Friday, March 25, 2011

The Lads and Ladies of Literature Tell You How to Look Younger

 Here's the latest submission to The Gloss:

Dear Consultitory  Characters, I have a high school reunion coming up and I am desperately trying to look younger. I thought, who better to advise me about looks than people who, due to their fictional status, never had any? So what should I do?

Dorian Gray (The Portrait of Dorian Gray): I’m a firm believer in the power of paint in maintaining youth. By which, of course, I mean make up. Lots and lots of make-up. Nothing screams youth like a wrinkle-free face- so paint on a mask and I promise you, it’ll be just like you never got older at all.

Humbert Humbert (Lolita): I think its deliciously admirable that more and more women are trying to emulate the sweet nymphyness of youth. Rompers, pigtails, short denim shorts to display your long, suntanned legs and your scraped knees. That is what I call dressing to impress.

Frankenstein (Frankenstein): A couple of hops under the knife never hurt anybody…. much

Blanche DuBois: Here’s what you do: take a lemon, squeeze half into a bowl with yogurt. Smear onto face. Take the other half of the lemon. Squeeze into a glass of straight vodka. Drink. Repeat.

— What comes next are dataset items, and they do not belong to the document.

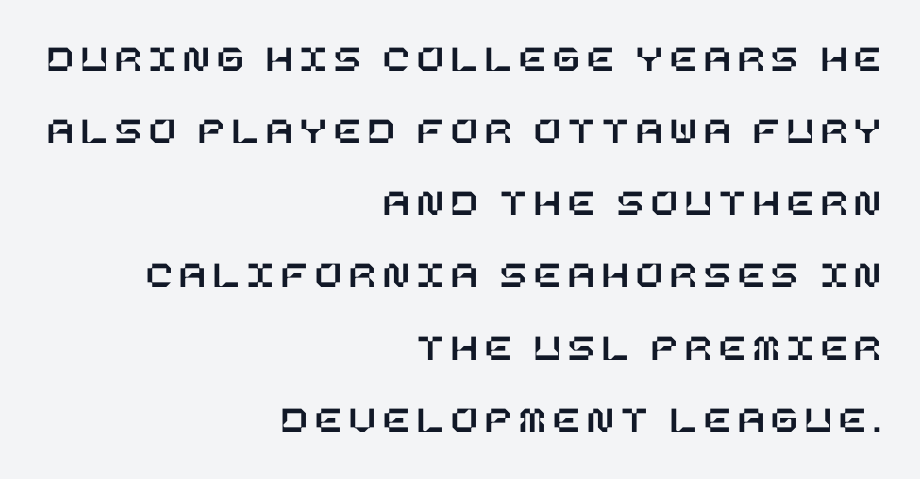
It's the straight-up-and-down kind of type. Descenders hang freely into open space. Each line ends at the same right margin while the left side varies.
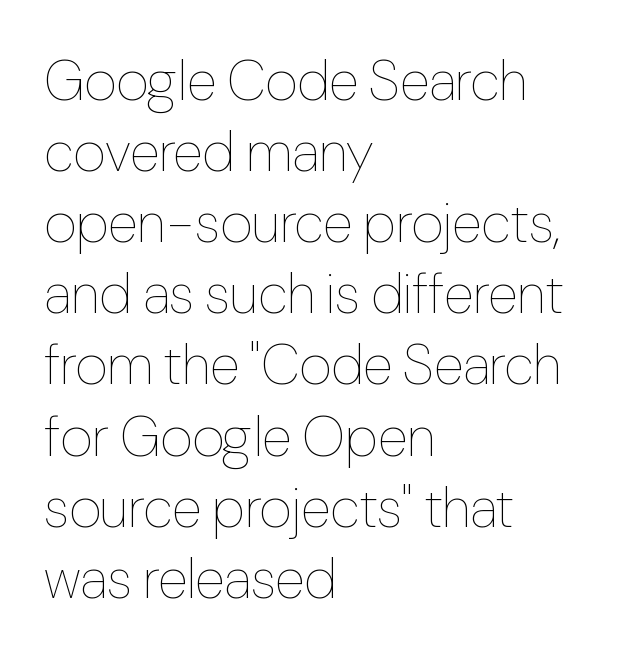
Stems and bowls with no extra thickness — not bold. It's the straight-up-and-down kind of type. A typesetter would call this proportional, since set widths differ per character. Every row of glyphs begins at an identical x-position on the left.
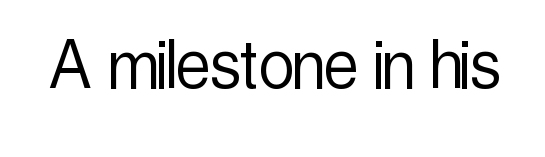
Q: Is the text bold? A: No.
Q: Is the text italic (slanted)? A: No, it is upright.
Q: Is the typeface a serif or a sans-serif typeface? A: Sans-serif.
Q: Is the text underlined? A: No.
Q: Is the spacing between letters normal or unusually wide? A: Normal.
Q: Width (condensed, normal, or wide)? A: Condensed.
Q: x-height? A: Medium.
Q: Monospaced? A: No.
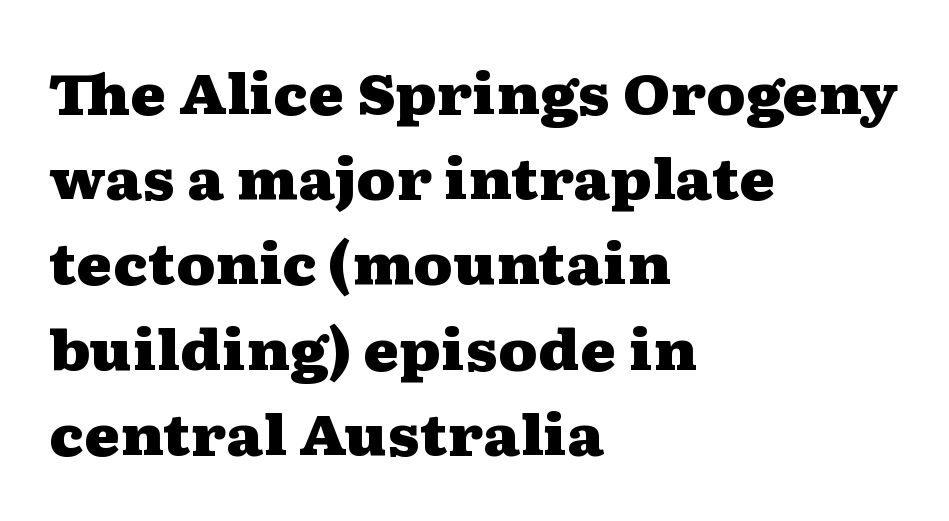
The image shows 55 px heavy, wide serif type, upright; set left-aligned, normal line spacing (1.55x), normal letter spacing, not underlined; medium stroke contrast and a medium x-height.

Phantom (The Phantom of the Opera): Eye circles? No problem! Just slip into a (literal) eye mask and its like they were never even there.
Bridget Jones(Bridget Jones’ Diary): They say gaining a little weight fills your face out and makes you look younger again. It’s true. They say that. They do.

Jane Eyre (Jane Eyre): Just always walk around with your eyes open really wide to express your youthful naïveté and people will just assume that the old blind guy you’re with is your father and you yourself are as perky as a puppy.

 Lindo Jong (The Joy Luck Club): Green Tea. Drink, and it will make you glow. Also, shrinks under eye bags when applied topically.

Emma (Emma): A corset works wonders for a woman pursuing a nubile young figure. Or, you know, spanx.

Isabella (Measure for Measure)*: No alcohol. No sugar. No smoking or promiscuous sex. If you think you might like it at all, it will age you terribly.

It stands to reason that many people might have missed this one in deference to some of Shakespeare’s more popular plays, so let me fill you in; Isabella is a woman who is joining a convent, but is worried that the 16th century’s nuns’ rules won’t be strict enough. Aka, she is the dweebiest dweeb who ever did dweeb. In case you were wondering.